Selasa, 21 April 2015

Pelanggaran Lalu Lintas Simbol Keterpurukan Moral


Saya sering membaca dan mendengar kata kata ‘keterpurukan moral‘. Kebanyakan memaknai keterpurukan moral dengan hal yang berhubungan misalnya dengan korupsi, kekerasan atau kecurangan. Bagaimana dengan pelanggaran lalu lintas?



Saya seringkali berfikir ketika berada dijalanan dan melihat fakta yang ada. Masyarakat pada umumnya sudah tidak ada rasa malu ketika mereka melanggar sebuah aturan dengan terang terangan. Bahkan mereka tak ragu lagi untuk berbuat kasar ketika ada orang yang menegurnya. Tidak sedikit juga yang ketika ditindak oleh aparat lalu lintas, mereka malah menghujat aparat tersebut. Ada yang bilang si aparat sedang cari uang lah, sedang iseng lah. Padahal sudah jelas, mereka melanggar sebuah aturan dan harus ditindak.

Hal yang terparah adalah, mereka sudah tidak ragu untuk membunuh. Membunuh? YA membunuh! Dengan prilaku mereka yang ugal ugalan, jelas mereka bisa mencelakakan dan membahayakan orang lain. Bahkan menghilangkan nyawa orang lain. Dan saya selalu bertanya dalam hati, apakah otak mereka tidak berfikir sampai kesana? Itu baru salah satu contoh.
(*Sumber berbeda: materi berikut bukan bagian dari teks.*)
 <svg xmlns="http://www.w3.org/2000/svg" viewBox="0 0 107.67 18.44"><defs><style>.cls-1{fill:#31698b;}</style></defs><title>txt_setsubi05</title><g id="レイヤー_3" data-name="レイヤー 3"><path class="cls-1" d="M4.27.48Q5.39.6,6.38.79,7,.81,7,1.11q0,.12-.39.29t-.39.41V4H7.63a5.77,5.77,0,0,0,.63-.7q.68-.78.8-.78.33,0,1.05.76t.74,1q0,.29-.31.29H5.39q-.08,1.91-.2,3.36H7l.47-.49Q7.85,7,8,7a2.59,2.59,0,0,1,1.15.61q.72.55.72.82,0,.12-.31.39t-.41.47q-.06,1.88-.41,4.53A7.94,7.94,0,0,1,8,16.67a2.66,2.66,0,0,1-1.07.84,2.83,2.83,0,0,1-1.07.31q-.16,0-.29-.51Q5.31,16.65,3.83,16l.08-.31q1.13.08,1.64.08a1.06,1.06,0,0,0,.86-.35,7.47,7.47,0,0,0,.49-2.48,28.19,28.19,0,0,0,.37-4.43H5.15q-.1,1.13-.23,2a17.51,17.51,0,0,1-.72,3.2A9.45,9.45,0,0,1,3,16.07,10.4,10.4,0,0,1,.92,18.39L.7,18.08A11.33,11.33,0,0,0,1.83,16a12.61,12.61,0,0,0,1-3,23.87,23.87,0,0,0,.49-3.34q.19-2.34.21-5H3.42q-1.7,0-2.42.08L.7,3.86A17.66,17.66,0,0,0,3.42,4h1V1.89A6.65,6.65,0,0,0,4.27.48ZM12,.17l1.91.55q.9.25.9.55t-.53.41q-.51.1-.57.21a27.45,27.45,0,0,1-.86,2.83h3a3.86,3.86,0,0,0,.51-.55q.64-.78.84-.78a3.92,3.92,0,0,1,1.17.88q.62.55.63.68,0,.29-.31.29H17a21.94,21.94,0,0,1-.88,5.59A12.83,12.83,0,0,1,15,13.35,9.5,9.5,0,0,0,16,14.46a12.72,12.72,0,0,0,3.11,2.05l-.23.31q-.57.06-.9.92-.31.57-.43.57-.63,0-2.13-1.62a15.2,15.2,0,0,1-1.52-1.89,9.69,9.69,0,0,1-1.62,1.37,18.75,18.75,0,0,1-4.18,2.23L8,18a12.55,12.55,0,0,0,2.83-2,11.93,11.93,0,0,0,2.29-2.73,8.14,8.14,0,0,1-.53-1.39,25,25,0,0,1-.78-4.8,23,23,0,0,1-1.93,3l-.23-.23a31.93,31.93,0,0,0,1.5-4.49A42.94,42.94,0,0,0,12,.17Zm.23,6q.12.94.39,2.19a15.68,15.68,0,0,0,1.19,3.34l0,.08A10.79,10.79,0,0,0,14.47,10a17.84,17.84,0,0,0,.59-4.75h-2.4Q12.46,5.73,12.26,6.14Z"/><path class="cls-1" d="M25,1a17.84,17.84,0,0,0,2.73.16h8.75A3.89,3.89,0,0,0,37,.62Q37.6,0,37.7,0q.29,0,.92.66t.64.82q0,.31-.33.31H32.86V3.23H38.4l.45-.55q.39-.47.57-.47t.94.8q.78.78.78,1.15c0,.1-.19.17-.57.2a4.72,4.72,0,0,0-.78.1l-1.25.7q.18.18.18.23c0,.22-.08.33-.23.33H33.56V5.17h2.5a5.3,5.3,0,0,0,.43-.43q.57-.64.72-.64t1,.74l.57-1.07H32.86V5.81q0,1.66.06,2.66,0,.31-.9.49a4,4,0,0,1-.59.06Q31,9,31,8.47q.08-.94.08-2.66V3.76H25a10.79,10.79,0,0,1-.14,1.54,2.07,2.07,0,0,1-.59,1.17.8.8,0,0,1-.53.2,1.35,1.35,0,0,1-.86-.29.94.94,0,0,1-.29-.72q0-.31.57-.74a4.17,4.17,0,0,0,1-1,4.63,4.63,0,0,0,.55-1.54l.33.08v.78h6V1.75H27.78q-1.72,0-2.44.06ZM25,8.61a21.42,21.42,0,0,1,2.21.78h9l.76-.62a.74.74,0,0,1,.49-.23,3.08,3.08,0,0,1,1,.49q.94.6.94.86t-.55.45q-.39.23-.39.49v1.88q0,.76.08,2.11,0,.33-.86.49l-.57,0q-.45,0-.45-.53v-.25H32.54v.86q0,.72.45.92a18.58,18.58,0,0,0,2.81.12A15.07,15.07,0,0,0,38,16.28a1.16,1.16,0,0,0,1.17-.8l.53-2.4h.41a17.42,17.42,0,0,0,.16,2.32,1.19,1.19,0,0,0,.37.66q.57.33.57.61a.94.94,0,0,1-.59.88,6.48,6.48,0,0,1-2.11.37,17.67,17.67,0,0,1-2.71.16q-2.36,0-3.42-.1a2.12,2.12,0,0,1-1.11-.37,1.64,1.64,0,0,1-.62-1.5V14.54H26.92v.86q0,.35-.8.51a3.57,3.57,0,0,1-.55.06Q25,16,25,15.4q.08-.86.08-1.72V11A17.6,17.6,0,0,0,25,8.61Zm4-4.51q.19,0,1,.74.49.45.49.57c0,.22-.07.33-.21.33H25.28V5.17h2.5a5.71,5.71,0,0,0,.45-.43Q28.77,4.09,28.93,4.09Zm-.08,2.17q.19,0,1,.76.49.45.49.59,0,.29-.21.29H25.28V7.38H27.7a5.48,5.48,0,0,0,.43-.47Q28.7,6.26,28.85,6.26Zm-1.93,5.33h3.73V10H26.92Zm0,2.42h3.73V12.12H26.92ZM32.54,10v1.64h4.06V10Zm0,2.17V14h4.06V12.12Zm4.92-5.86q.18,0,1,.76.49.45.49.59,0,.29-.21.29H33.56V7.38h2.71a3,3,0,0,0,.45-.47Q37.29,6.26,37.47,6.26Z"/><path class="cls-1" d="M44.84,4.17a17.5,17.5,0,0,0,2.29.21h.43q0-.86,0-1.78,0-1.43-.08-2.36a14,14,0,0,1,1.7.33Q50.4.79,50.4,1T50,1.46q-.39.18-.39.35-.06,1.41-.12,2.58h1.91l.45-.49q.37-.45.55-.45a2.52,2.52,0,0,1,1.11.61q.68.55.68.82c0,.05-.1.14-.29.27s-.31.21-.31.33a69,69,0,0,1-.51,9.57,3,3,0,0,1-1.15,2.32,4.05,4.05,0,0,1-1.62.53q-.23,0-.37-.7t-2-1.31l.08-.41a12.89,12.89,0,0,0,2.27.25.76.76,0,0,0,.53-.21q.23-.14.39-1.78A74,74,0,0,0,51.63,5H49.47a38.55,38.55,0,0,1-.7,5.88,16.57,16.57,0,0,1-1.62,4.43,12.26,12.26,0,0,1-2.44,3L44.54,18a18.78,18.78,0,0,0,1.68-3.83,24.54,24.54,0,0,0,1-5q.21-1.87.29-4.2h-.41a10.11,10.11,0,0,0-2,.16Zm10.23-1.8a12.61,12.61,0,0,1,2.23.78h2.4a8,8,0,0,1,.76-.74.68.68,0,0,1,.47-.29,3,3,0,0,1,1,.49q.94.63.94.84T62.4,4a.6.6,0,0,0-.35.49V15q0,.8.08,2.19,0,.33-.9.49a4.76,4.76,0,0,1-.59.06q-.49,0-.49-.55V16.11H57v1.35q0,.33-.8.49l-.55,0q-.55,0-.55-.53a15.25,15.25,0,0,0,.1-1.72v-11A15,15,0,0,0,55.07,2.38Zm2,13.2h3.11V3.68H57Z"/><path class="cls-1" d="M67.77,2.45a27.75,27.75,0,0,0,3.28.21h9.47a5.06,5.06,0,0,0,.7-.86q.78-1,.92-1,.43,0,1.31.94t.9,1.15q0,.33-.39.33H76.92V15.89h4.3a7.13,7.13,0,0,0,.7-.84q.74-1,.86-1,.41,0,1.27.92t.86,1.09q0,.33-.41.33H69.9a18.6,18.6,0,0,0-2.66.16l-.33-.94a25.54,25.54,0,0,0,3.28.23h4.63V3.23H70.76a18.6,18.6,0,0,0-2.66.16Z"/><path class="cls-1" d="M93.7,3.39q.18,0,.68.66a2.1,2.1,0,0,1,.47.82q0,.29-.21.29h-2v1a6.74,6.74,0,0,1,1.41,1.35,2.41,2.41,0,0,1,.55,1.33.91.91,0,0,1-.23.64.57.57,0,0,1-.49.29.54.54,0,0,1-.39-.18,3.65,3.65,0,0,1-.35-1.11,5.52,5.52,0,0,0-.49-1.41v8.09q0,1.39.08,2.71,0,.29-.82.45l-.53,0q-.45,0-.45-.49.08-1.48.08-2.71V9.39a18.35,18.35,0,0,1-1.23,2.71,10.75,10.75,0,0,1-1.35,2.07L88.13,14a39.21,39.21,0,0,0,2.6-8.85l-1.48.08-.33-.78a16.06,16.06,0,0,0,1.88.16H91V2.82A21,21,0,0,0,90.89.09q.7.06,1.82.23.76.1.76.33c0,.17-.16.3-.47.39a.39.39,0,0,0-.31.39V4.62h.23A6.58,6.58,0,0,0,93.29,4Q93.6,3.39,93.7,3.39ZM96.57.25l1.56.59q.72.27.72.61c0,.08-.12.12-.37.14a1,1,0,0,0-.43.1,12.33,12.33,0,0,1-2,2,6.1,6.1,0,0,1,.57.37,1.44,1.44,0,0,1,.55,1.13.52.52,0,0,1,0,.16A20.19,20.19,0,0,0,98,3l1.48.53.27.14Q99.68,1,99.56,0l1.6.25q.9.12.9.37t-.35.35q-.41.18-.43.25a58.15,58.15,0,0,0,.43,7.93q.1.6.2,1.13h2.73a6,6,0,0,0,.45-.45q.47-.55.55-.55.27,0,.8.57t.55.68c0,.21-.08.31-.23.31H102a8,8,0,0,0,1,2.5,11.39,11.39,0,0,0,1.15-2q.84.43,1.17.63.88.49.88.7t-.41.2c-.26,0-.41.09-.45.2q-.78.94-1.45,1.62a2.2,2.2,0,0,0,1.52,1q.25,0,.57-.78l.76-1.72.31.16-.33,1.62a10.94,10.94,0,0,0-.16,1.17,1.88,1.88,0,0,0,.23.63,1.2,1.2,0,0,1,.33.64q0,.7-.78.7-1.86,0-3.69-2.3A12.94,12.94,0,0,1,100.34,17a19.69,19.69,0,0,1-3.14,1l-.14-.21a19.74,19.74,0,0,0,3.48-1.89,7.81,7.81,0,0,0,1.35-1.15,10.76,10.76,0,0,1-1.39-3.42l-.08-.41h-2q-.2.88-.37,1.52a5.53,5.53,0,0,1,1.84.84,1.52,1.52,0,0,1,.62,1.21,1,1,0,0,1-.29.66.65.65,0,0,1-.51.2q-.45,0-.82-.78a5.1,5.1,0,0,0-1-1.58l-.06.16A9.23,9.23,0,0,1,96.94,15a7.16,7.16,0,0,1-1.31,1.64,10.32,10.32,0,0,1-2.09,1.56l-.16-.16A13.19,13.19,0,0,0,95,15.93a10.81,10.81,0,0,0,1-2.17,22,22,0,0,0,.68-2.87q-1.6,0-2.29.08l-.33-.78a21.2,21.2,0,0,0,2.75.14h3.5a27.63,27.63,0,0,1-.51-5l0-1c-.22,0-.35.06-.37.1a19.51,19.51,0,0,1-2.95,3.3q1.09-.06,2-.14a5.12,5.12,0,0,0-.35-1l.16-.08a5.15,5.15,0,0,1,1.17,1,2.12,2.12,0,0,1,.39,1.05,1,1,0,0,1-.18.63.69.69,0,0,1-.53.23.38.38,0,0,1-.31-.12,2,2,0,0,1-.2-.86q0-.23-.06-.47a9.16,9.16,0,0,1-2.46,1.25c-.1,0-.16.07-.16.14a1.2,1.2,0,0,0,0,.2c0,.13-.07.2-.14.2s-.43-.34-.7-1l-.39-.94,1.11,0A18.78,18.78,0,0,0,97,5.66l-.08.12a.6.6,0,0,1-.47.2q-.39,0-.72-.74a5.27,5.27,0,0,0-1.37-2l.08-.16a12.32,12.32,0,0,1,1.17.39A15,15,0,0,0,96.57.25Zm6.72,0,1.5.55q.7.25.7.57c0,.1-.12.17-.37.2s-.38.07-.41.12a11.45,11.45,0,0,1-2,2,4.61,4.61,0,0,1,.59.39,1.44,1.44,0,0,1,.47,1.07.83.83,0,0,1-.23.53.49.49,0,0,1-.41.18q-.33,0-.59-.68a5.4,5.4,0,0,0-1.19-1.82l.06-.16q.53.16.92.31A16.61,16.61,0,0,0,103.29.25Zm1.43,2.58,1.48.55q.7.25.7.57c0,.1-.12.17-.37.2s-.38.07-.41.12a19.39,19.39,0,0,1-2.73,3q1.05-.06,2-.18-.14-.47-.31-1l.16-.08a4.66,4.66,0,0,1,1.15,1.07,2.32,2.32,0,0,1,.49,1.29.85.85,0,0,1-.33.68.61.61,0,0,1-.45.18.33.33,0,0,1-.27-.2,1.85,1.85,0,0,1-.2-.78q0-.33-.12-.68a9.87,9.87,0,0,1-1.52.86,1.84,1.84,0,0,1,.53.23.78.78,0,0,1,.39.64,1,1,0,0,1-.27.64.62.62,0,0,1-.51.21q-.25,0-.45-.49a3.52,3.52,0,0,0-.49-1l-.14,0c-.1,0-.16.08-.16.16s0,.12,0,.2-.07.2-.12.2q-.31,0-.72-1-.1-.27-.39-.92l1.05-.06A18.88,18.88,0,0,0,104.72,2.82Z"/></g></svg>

Bagai mana dengan orangtua yang berkendara dengan anaknya yang masih kecil, yang dimana sang orang tua menggunakan segala atribut, mulai dari helm sampai jaket, sedangkan anaknya yang masih kecil, tidak dilengkapi atribut berkendara apapun. Apakah ini sebuah rencana pembunuhan?

Belum lagi prilaku, menyerobot jalur busway, melewati garis putih, lewat trotoar, melawan arah, kebut kebutan dan banyak lagi prilaku yang merugikan dan merampas hak orang lain orang lain. Kalau begitu, apa bedanya pelanggar aturan lalu lintas dengan koruptor? mereka sama sama merampas hak orang lain. Dan apa bedanya pelanggar aturan lalu lintas dengan premanisme? mereka sama sama tidak bisa menghargai orang lain dan pastinya mereka sama sama meresahkan.





Pendidikan tinggi-pun tidak menjamin mereka lepas dari gelar koruptor jalan raya dan preman jalan raya. Contoh yang seringkali saya lihat adalah ketika saya melintasi salah satu universitas besar di selatan Jakarta. Saya akan menemukan banyak sekali mahasiswanya yang menjadi koruptor dan preman jalan raya. Mulai dari tidak pakai helm sampai melawan arus kendaraan. Terus, apa gunanya mereka demonstrasi menuntut penegakan hukum. Mereka aja ga ngerti hukum di jalan raya.. Koruptor teriak koruptor.. Basi!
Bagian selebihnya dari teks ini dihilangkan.